Whenever we add an edge between two nodes $$$u$$$ and $$$v$$$ in two different components with weight $$$w$$$, we consider consider the roots $$$U$$$ and $$$V$$$ of their respective components. Without loss of generality, assume $$$U$$$'s component has more elements than $$$V$$$'s. We will add an edge with weight $$$W(u, U) \oplus W(v, V) \oplus w$$$ between $$$V$$$ and $$$U$$$, and make $$$U$$$ the root of our new component.
This last step is the small to large optimization, to ensure the height of our trees is logarithmic.
With this data structure, we can maintain the number of connected components like in a usual dsu, and whenever an edge $$$(u, v)$$$ with weight $$$w$$$ is added, and $$$u$$$ and $$$v$$$ belong to the same component, we can obtain the value of $$$W(u, v)$$$ in $$$\mathcal{O(\log(n))}$$$, and check if it is equal to $$$w$$$.
This idea is similar to the data structure described here, and is useful in other contexts.
Complexity: $$$\mathcal{O}(\log(q + k)(n + m + k + q))$$$.
In our Olympiad, we had $$$v_i \le 1$$$ instead of $$$v_i \le 2^{30}$$$, and we also had a final subtask were tiles could change values. How would you solve this?
We have three different solutions for this problem, one of them found during the Olympiad! I'll let the contestant who found it post it if he wants to.

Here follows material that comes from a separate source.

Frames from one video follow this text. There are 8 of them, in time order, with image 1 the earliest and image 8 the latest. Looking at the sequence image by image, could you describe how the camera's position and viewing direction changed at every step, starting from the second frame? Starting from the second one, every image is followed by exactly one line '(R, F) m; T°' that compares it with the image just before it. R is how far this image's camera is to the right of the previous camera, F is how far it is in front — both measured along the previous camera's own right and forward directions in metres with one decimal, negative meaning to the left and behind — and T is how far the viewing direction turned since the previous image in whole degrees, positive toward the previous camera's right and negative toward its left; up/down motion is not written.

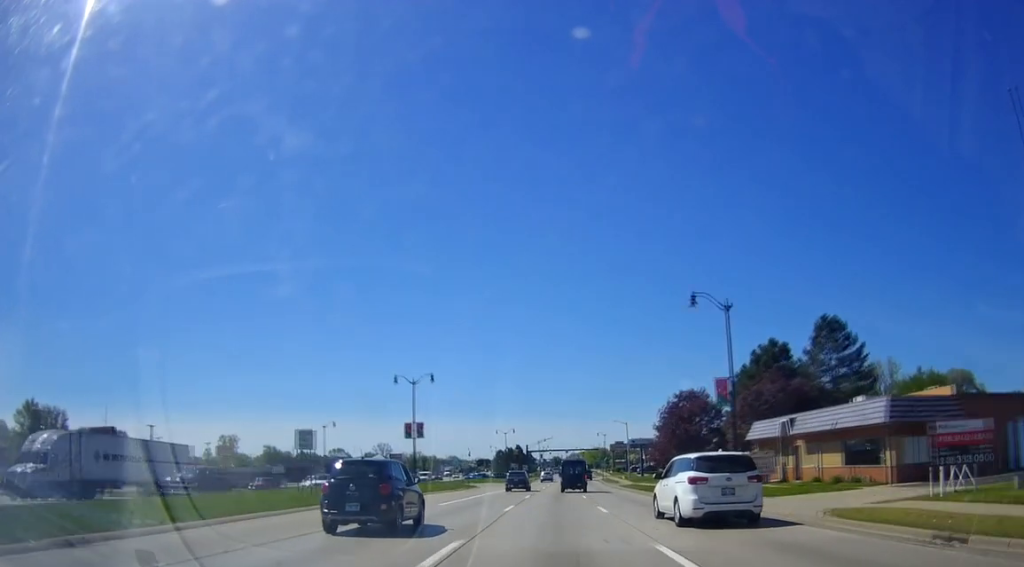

You can model a grid as a bipartite graph between rows and columns.
Whenever coding or designing a data structure, keep in mind all the invariants you are maintaining. I like to think of data structures as graphs with invariants or monovariants in each node. I have a blog draft on how to use this to design data structures, inspired by this. Maybe I will publish it.